Link to original LinkedIn post
OVERALL WINNER
Big congratulations to Craig Nicol for being the overall winner of Advent of Bad Management!
Scenario 1
🎅: “Ugh, it’s only Day 1 and everything’s already gone to hell,” Santa thought as he watched elves frantically produce random amounts of toys. “How hard is it to follow a quota? Oh wait, I forgot to give them one… well they should know what to do by now!”
🤦♀️ Santa forgot to clarify the expected gift-making quota for the elves (not that he’d admit it!), leading to wildly varying toy production. Some elves made 1000 toys quickly; some made 2 to the highest standards.
Scenario 2
🎅: After the fiasco with missing quotas, Santa sighed deeply. “Alright, if they can’t figure it out, I’ll just do it myself,” he muttered, deciding that the only way forward was to loom over every elf and tell them how to hold a paintbrush. “What do I even pay you for?”
🤦♀️ Santa has decided the only solution is to micromanage every elf since they clearly can’t be trusted.
Scenario 3
🎅: “We’re way behind,” Santa mumbled, staring at his workshop calendar. “Alright, everyone, we’re finishing this by tomorrow!” He knew it was impossible, but hey, miracles happen, right? “I really hope miracles happen…”
🤦♀️ Santa realises they’re behind schedule and sets an impossible deadline for all toy production to be complete—by tomorrow.
Scenario 4
🎅: Santa watched the exhausted elves. “Why are they slowing down? It’s not like I asked for the impossible,” he mused, bewildered. “Maybe if I just ignore it, they’ll magically get less tired… right?” The elves, trying to meet the impossible deadline, are visibly exhausted. Productivity tanks, the elves start to openly protest.

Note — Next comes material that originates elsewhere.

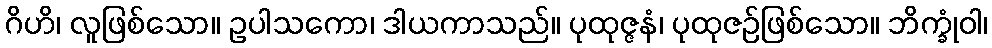
ဂိဟိ၊ လူဖြစ်သော။ ဥပါသကော၊ ဒါယကာသည်။ ပုထုဇ္ဇနံ၊ ပုထုဇဉ်ဖြစ်သော။ ဘိက္ခုံဝါ၊

🤦♀️ Santa’s elves are burnt out after his unrealistic deadline.
Scenario 5
🎅: Santa smiled to himself. “Cookies! Who doesn’t love cookies? This will get them back on track,” he thought. But as he watched elves make nothing but tiny, useless trinkets to maximise their cookie intake, he realised, “Oh… maybe this wasn’t the smartest plan.” Worse, now the elves are getting chonkier and lazier, and napping a lot of the time while covered in crumbs.
🤦♀️ Santa’s cookie incentive backfired, and now production quality’s plummeted. How can he fix this?
Scenario 6
🎅: Santa blinked in surprise as the reindeer formed a picket line. “Wait, they have complaints too? How hard can it be to pull the sleigh!” He sighed. Feeling neglected because of all the attention on the elves lately, the reindeer stage a revolt, refusing to train their stamina. Santa hadn’t even realised they had complaints.

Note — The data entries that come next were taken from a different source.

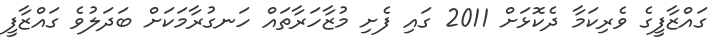
ގައްޒާފީގެ ވެރިކަމާ ދެކޮޅަށް 2011 ގައި ފެށި މުޒާހަރާތައް ހަނގުރާމަކަށް ބަދަލުވެ ގައްޒާފީ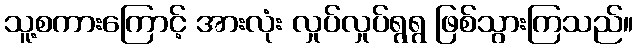
သူ့စကားကြောင့် အားလုံး လှုပ်လှုပ်ရွရွ ဖြစ်သွားကြသည်။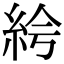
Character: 𥿐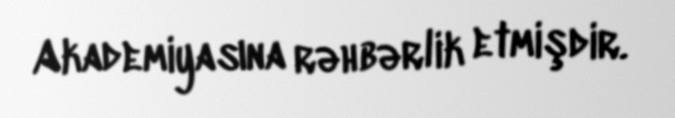
Akademiyasına rəhbərlik etmişdir.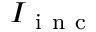
I _ { \mathrm { ~ i ~ n ~ c ~ } }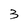
Character: 3

🤦♀️ Oh no! At this rate the reindeer won’t be able to make the journey to deliver presents.
Scenario 7
🎅: “A new process? From the elves?” Santa scoffed. “No way—I’ve been running this workshop for centuries! I know best.” He dismissed the elves, completely oblivious to their growing frustration. The elves propose a more efficient toy-making process, but Santa dismisses it, convinced his old way works better affecting morale.
🤦♀️ Santa’s ignoring the elves’ great ideas and it’s affecting toy production levels.
Scenario 8
🎅: Santa entered the break room, only to find the reindeer and elves locked in a shouting match over space. “Why does everyone need a break anyway?” he thought, scratching his head. “Maybe if I just let them sort it out…” Tensions rise between the elves and reindeer over shared break room space. No one feels heard, and things are getting tense. Hoofs are scuffing and forks are being brandished!
🤦♀️ Santa’s workshop break room has turned into a battlefield.
Scenario 9
🎅: Santa looked around the workshop. The cheer was gone, the elves were grumpy, and even the reindeer looked disheartened after the recent bust up over the break room. “How did it come to this?” he wondered. “Maybe I forgot what Christmas spirit was all about…” No one feels motivated or appreciated and it’s affecting morale and toy production levels.
🤦♀️ The workshop’s lost the Christmas spirit. How can Santa bring it back?
Scenario 10
🎅: Santa stood before his team, taking a deep breath. “I’ve made mistakes. Lots of them,” he admitted. “It’s time to change, to listen, and to make this workshop a place of joy again.” The elves exchanged glances, a glimmer of hope in their eyes. Santa finally realises he’s been a terrible manager.
🤦♀️ Santa’s ready to make things right.